NCTO president and chief executive officer Kimberly T Glas recently testified at a congressional hearing on ‘Exploitation and Enforcement: Evaluating the Department of Homeland Security’s Efforts to Counter Uyghur Forced Labour’.
“Chinese cotton products made with forced labour in Xinjiang, in the most abhorrent conditions, are flooding the global marketplace, making their way both directly and indirectly to the US,” Glas said in her written testimony to the Homeland Security Committee’s subcommittee on oversight, investigations and accountability hearing.
Around 72 per cent of all Chinese cotton products contain Xinjiang cotton, leading to forced labour textiles and apparel leaking into supply chains in the US and our free trade agreement regions, she said.
“As a result, American textile plants have been forced to idle equipment and lay off workers, while some companies have been put out of business entirely,” she said.
“Not only are we failing to stop forced labor trade that Congress explicitly acted to address through the Uyghur Forced Labor Prevention Act (UFLPA), but we are rewarding China with duty-free access under the de minimis provision of our trade law.

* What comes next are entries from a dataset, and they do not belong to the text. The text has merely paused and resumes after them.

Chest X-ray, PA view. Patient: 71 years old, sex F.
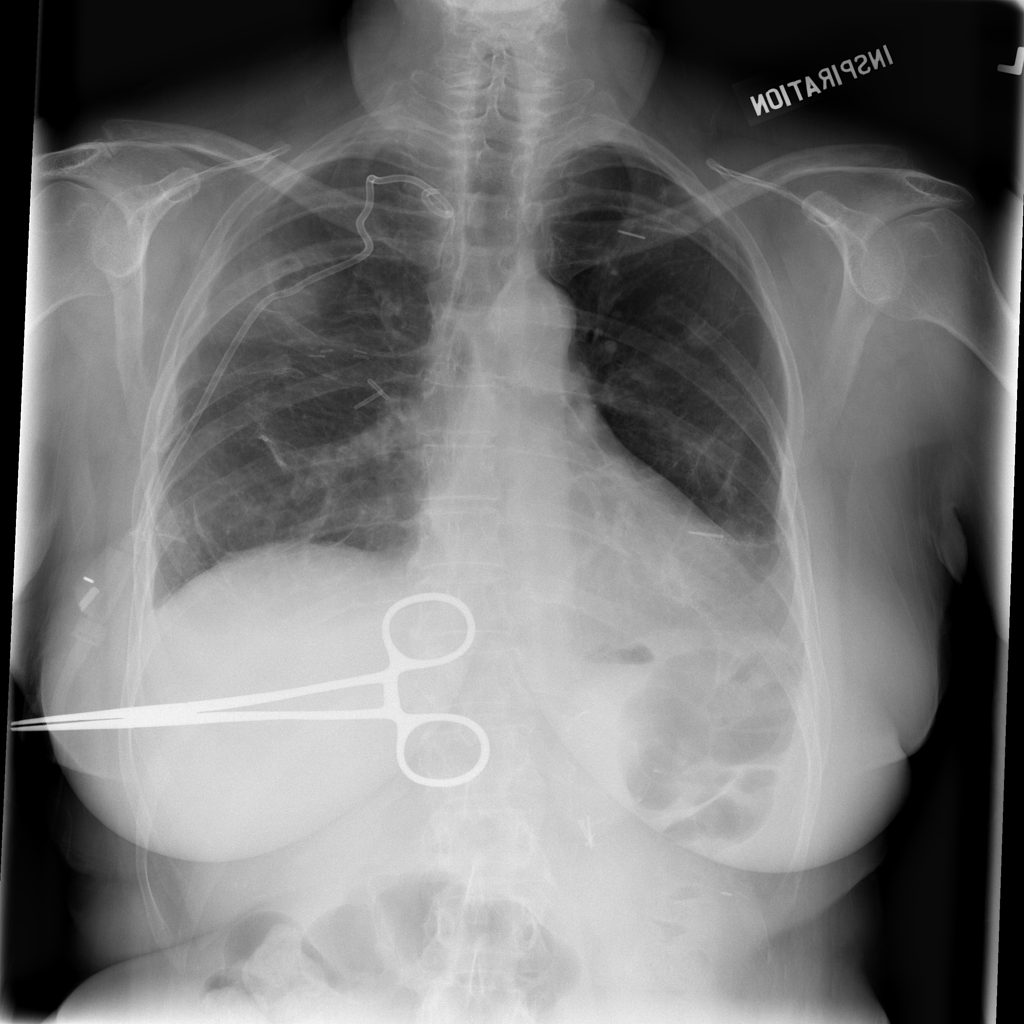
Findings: No Finding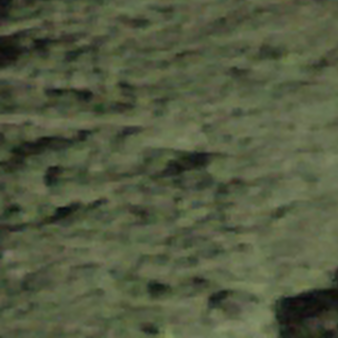
Label: other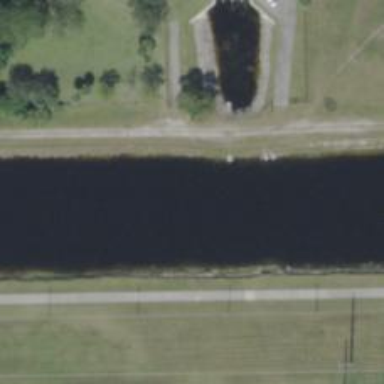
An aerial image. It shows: Culvert underpass for canal.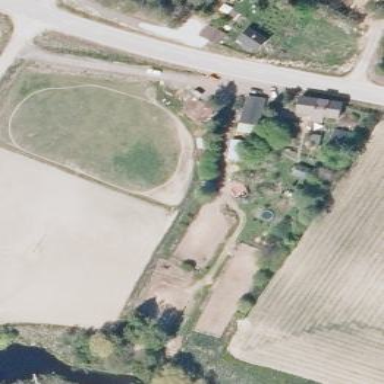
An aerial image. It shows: Farmyard area.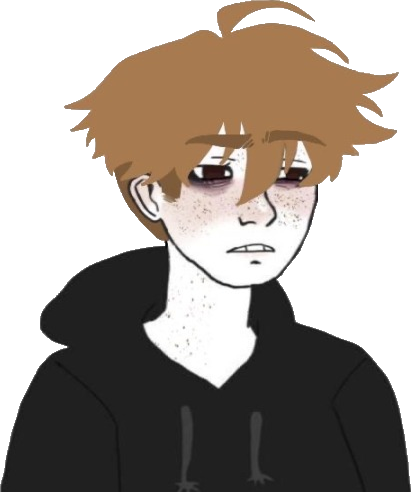
Label: 5_Twinkjak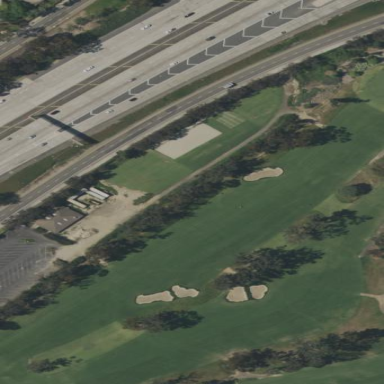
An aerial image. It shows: Scenic golf fairway.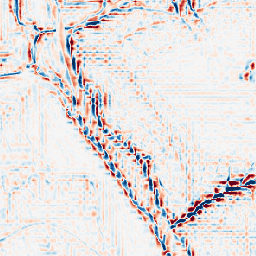
Category: wavelet
Decomposition family: wavelet_dwt
Decomposition parameters: wavelet: db2
level: 3
Upsampling method: quartic
Upsampling parameters: scale: 2
Upsampling scale: 2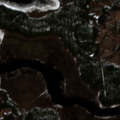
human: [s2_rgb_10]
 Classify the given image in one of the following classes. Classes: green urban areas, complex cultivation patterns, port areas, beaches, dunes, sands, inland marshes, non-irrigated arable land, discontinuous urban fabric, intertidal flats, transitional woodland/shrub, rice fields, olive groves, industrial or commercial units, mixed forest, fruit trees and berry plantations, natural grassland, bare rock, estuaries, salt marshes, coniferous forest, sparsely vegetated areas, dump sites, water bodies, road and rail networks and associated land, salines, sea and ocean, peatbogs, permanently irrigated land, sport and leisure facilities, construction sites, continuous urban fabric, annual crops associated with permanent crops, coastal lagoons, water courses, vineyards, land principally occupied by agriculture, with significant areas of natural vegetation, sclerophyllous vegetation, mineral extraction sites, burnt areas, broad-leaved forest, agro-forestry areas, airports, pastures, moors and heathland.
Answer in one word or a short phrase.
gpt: complex cultivation patterns, coniferous forest, transitional woodland/shrub, inland marshes, water bodies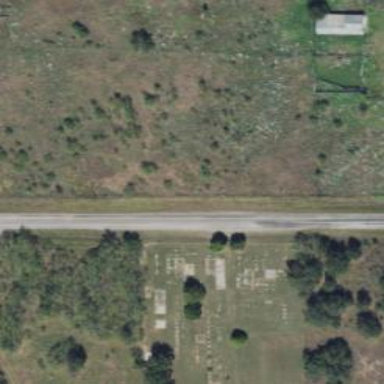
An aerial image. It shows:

The de minimis loophole has become a superhighway for illicit goods as a result of ineffective rulemaking and a lack of adequate congressional action and it’s a threat to us all,” Glas said.
Glas urged Congress to get aggressive on oversight of customs enforcement of UFLPA and require customs officials to testify regularly, offer Congress and the public a detailed and robust forward-leaning enforcement plan to crack down on this illegal trade, raise penalties and other deterrent mechanisms, and include measurable benchmarks for enforcement for this sector and beyond.
She also called for closing the de minimis loophole for e-commerce with a legislative fix to address the flood of fentanyl, forced labour goods, and counterfeits, and utilising and expanding the UFLPA Entity List more robustly as a deterrent.